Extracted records
────────

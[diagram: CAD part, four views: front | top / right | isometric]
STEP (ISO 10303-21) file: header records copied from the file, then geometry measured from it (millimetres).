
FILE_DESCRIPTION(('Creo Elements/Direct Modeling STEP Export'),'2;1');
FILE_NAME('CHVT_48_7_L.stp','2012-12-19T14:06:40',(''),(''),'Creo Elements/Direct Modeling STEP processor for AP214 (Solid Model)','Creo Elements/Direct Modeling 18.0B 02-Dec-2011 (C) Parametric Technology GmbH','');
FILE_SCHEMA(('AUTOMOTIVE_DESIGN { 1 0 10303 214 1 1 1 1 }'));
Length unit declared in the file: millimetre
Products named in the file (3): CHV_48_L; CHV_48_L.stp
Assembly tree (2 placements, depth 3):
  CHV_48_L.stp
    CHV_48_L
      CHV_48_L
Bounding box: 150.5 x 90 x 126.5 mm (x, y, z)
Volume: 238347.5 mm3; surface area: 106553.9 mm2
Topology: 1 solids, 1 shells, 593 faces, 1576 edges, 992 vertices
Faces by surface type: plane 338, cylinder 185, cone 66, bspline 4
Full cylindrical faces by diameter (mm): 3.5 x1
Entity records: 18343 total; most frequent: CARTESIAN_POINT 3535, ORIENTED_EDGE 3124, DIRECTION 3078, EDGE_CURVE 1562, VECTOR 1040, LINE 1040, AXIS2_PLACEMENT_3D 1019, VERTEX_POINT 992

────────

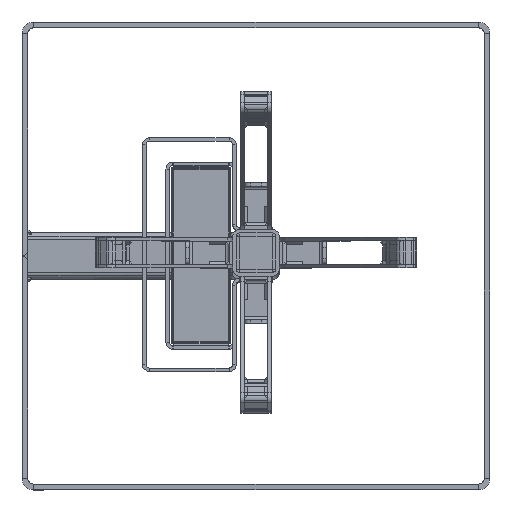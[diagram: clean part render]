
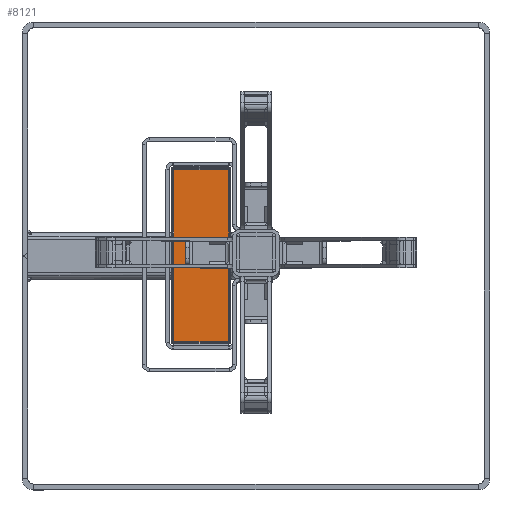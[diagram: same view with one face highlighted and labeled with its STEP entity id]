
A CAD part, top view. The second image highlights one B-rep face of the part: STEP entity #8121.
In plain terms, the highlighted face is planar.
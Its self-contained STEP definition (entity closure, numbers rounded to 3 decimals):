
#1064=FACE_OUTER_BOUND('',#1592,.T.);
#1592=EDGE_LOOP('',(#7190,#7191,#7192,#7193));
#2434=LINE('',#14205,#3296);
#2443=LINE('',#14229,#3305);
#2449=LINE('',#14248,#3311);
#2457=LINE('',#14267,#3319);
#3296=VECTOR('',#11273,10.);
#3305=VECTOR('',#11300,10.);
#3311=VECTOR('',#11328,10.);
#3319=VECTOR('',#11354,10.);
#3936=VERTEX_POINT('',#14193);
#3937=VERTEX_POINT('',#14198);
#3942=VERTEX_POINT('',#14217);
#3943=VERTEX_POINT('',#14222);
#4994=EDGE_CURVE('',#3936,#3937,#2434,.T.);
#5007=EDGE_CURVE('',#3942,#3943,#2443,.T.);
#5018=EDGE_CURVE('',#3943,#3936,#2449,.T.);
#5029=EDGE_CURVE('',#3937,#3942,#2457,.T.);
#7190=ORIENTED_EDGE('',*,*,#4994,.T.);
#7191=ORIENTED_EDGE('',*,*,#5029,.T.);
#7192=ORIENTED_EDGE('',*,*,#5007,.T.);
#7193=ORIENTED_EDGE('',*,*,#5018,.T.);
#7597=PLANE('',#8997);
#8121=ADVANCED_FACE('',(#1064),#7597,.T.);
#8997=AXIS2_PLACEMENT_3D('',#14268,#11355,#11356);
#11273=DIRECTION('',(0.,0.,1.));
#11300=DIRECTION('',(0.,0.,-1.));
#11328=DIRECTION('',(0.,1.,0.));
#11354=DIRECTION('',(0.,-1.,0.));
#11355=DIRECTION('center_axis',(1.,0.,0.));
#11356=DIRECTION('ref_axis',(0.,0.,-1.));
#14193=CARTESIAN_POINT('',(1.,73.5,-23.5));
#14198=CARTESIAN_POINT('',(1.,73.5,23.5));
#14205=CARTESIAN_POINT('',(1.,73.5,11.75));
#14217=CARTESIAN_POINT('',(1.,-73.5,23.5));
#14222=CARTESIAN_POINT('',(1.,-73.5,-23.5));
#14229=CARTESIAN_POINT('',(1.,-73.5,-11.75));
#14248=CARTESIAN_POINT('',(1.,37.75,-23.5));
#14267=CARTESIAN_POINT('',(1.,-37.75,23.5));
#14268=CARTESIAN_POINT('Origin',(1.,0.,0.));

────────

WHAT YOU HAVE TO DO
Please make an exact copy of the lines above from the line with "[diagram: CAD part, four" through the line with "Entity records: 18343", both ends included.

TASK RESULT
[diagram: CAD part, four views: front | top / right | isometric]
STEP (ISO 10303-21) file: header records copied from the file, then geometry measured from it (millimetres).
FILE_DESCRIPTION(('Creo Elements/Direct Modeling STEP Export'),'2;1');
FILE_NAME('CHVT_48_7_L.stp','2012-12-19T14:06:40',(''),(''),'Creo Elements/Direct Modeling STEP processor for AP214 (Solid Model)','Creo Elements/Direct Modeling 18.0B 02-Dec-2011 (C) Parametric Technology GmbH','');
FILE_SCHEMA(('AUTOMOTIVE_DESIGN { 1 0 10303 214 1 1 1 1 }'));
Length unit declared in the file: millimetre
Products named in the file (3): CHV_48_L; CHV_48_L.stp
Assembly tree (2 placements, depth 3):
  CHV_48_L.stp
    CHV_48_L
      CHV_48_L
Bounding box: 150.5 x 90 x 126.5 mm (x, y, z)
Volume: 238347.5 mm3; surface area: 106553.9 mm2
Topology: 1 solids, 1 shells, 593 faces, 1576 edges, 992 vertices
Faces by surface type: plane 338, cylinder 185, cone 66, bspline 4
Full cylindrical faces by diameter (mm): 3.5 x1
Entity records: 18343 total; most frequent: CARTESIAN_POINT 3535, ORIENTED_EDGE 3124, DIRECTION 3078, EDGE_CURVE 1562, VECTOR 1040, LINE 1040, AXIS2_PLACEMENT_3D 1019, VERTEX_POINT 992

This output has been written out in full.